• **WHAT THIS TASK INVOLVES**
Reproduce the records without their pictures, keeping every word as it is.

━━ THE INPUT

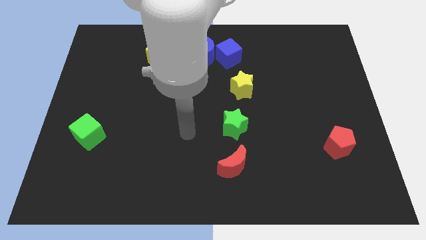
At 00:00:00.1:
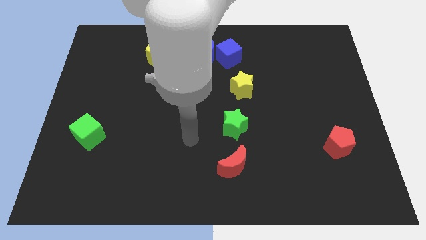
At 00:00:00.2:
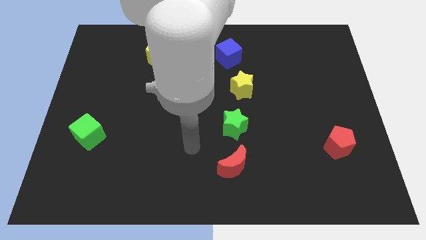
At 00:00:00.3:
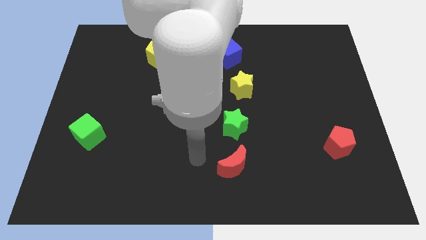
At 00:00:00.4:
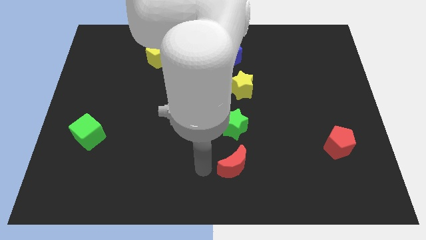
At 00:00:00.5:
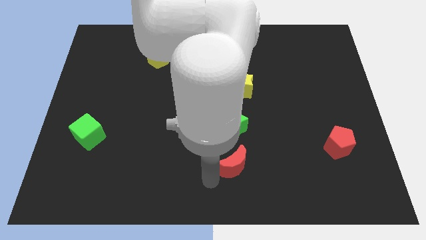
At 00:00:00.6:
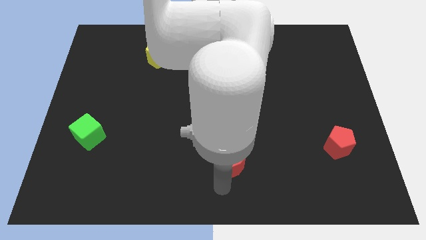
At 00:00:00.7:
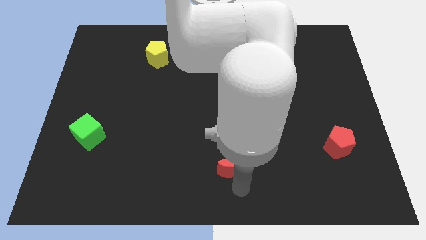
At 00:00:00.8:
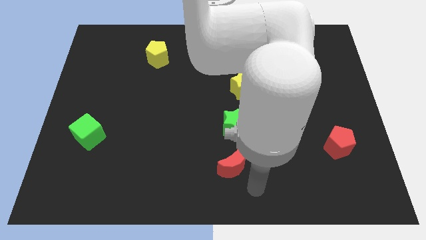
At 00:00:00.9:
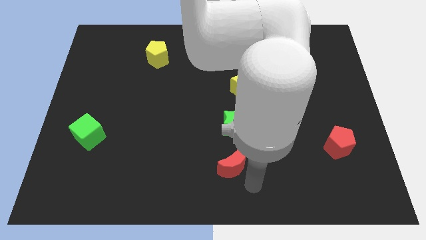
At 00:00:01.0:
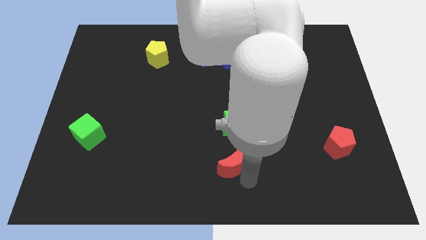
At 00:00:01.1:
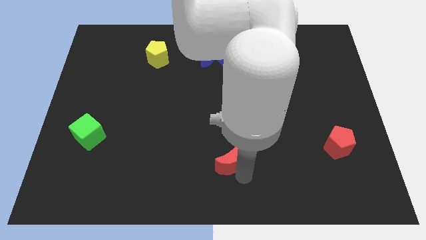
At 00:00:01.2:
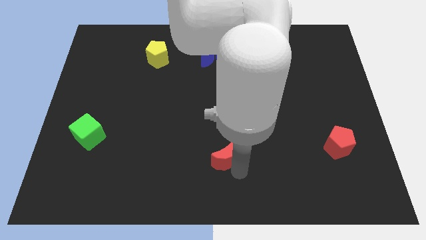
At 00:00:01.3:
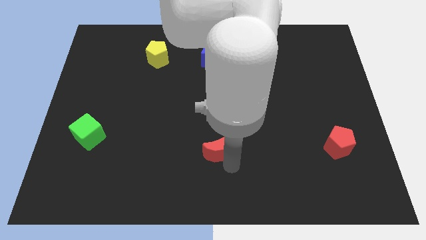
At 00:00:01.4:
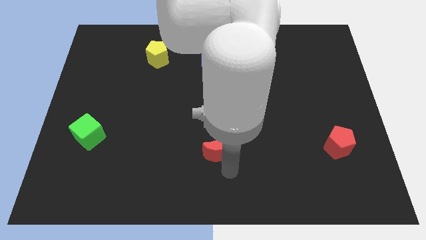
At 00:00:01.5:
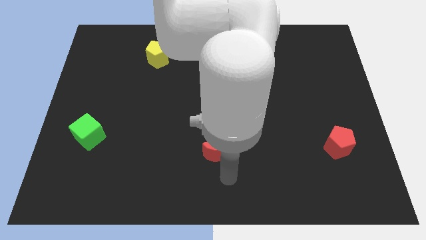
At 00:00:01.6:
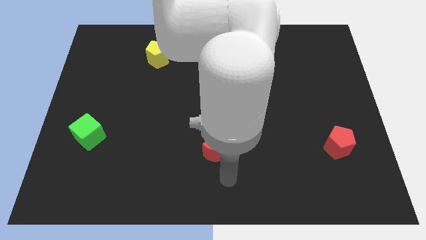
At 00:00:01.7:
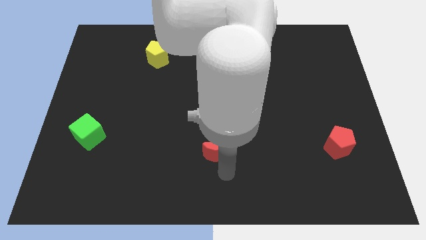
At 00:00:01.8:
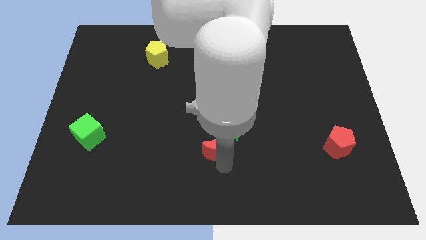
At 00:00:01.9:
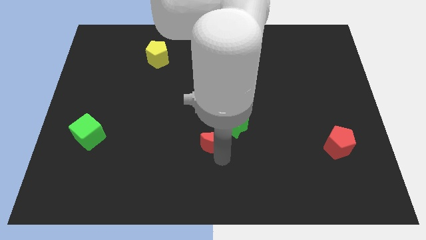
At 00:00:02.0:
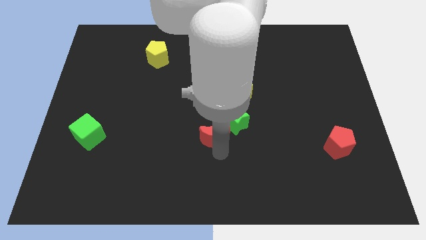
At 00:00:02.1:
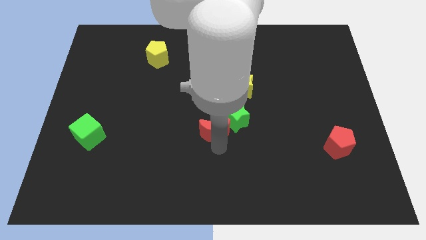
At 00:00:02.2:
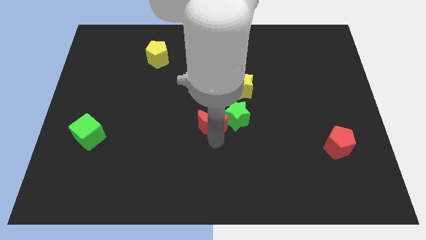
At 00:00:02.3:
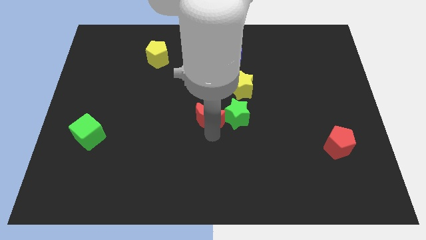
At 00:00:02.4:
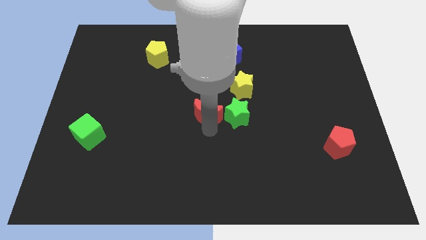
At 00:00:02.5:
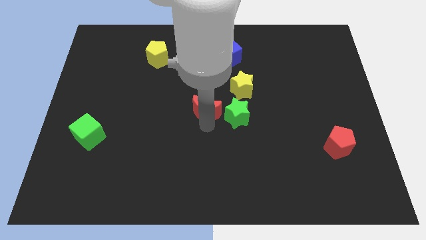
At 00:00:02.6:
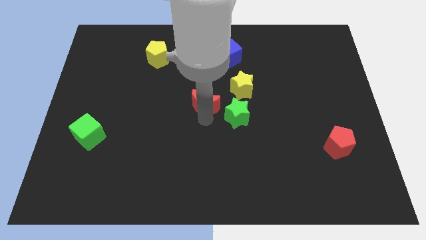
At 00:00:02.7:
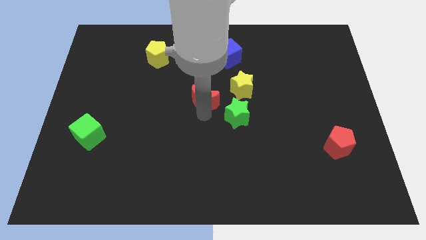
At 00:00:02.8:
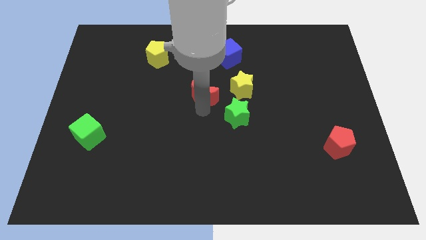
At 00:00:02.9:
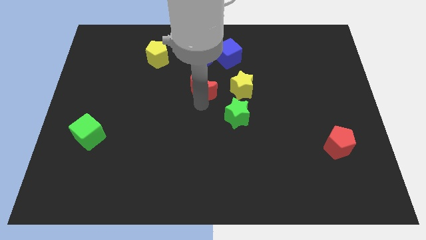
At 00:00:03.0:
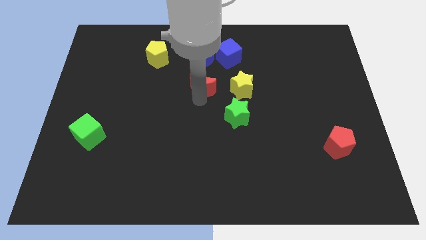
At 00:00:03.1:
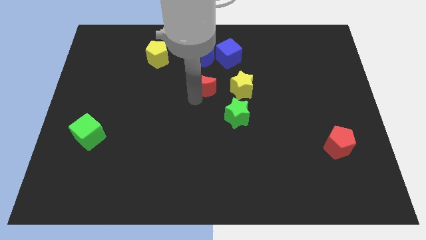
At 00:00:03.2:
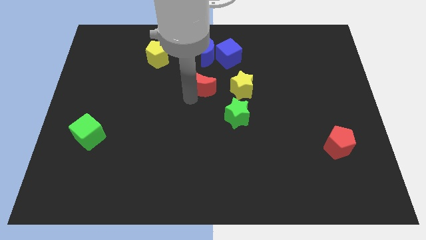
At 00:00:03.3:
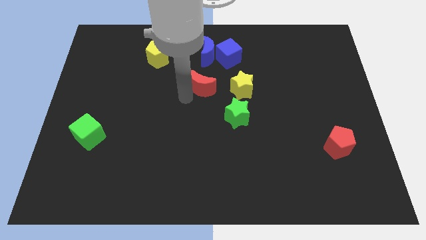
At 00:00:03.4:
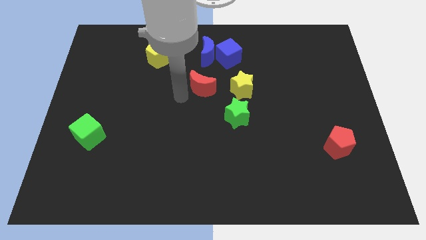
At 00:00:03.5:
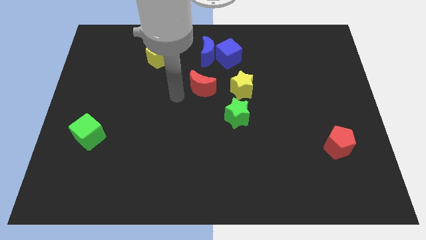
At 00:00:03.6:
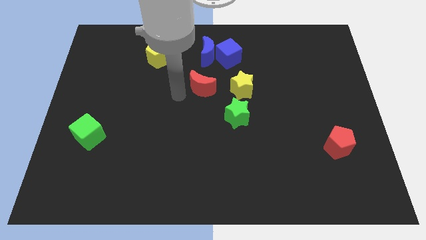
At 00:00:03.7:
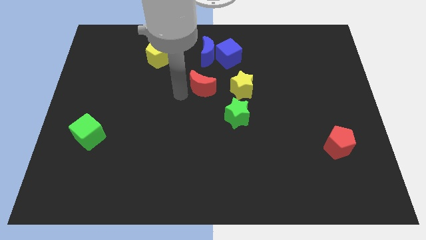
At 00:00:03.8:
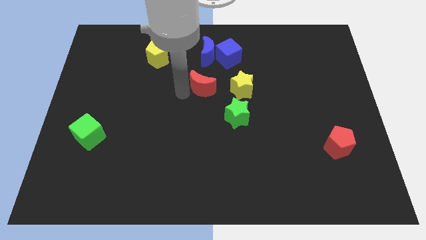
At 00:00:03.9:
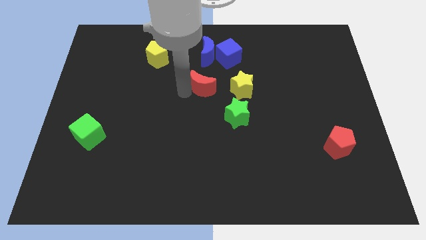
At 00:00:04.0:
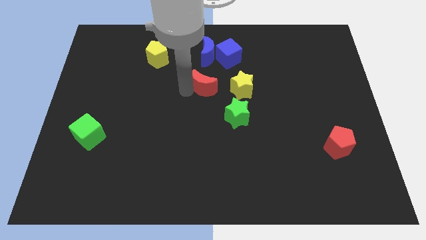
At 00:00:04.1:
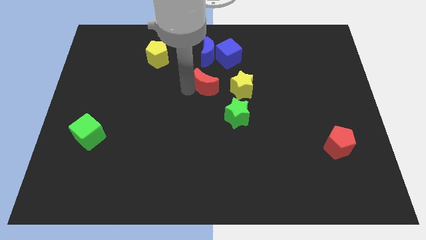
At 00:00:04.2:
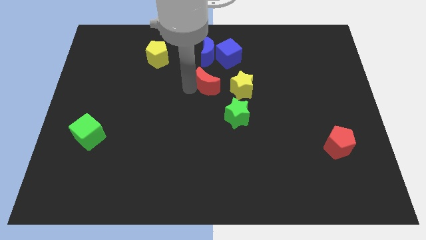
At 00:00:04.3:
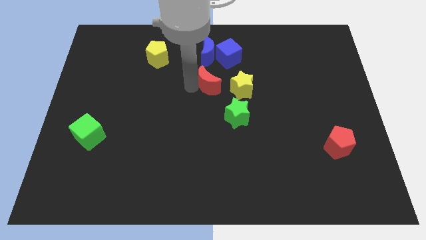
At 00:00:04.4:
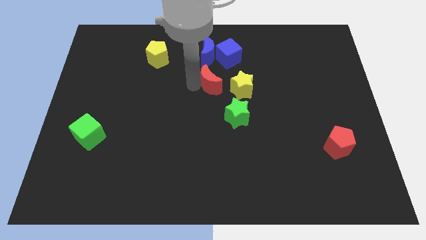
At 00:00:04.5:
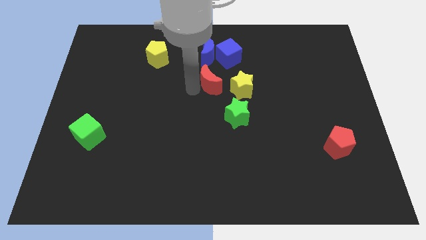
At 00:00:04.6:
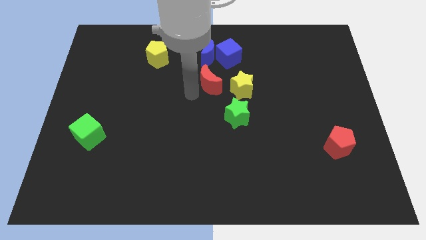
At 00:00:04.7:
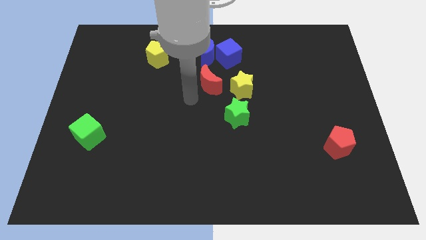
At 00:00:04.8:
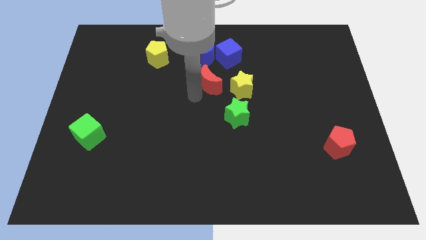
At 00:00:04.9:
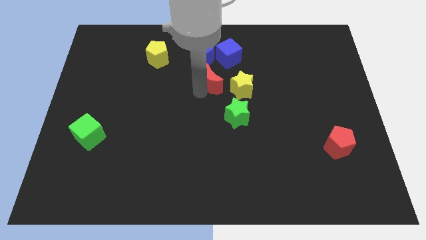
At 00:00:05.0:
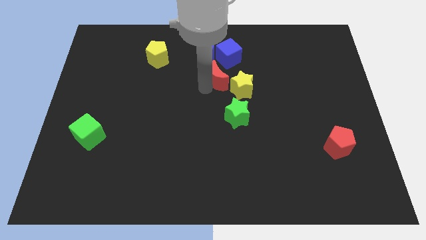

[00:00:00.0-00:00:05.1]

━━━━

• **FINAL ANSWER**
At 00:00:00.1:
At 00:00:00.2:
At 00:00:00.3:
At 00:00:00.4:
At 00:00:00.5:
At 00:00:00.6:
At 00:00:00.7:
At 00:00:00.8:
At 00:00:00.9:
At 00:00:01.0:
At 00:00:01.1:
At 00:00:01.2:
At 00:00:01.3:
At 00:00:01.4:
At 00:00:01.5:
At 00:00:01.6:
At 00:00:01.7:
At 00:00:01.8:
At 00:00:01.9:
At 00:00:02.0:
At 00:00:02.1:
At 00:00:02.2:
At 00:00:02.3:
At 00:00:02.4:
At 00:00:02.5:
At 00:00:02.6:
At 00:00:02.7:
At 00:00:02.8:
At 00:00:02.9:
At 00:00:03.0:
At 00:00:03.1:
At 00:00:03.2:
At 00:00:03.3:
At 00:00:03.4:
At 00:00:03.5:
At 00:00:03.6:
At 00:00:03.7:
At 00:00:03.8:
At 00:00:03.9:
At 00:00:04.0:
At 00:00:04.1:
At 00:00:04.2:
At 00:00:04.3:
At 00:00:04.4:
At 00:00:04.5:
At 00:00:04.6:
At 00:00:04.7:
At 00:00:04.8:
At 00:00:04.9:
At 00:00:05.0:

[00:00:00.0-00:00:05.1]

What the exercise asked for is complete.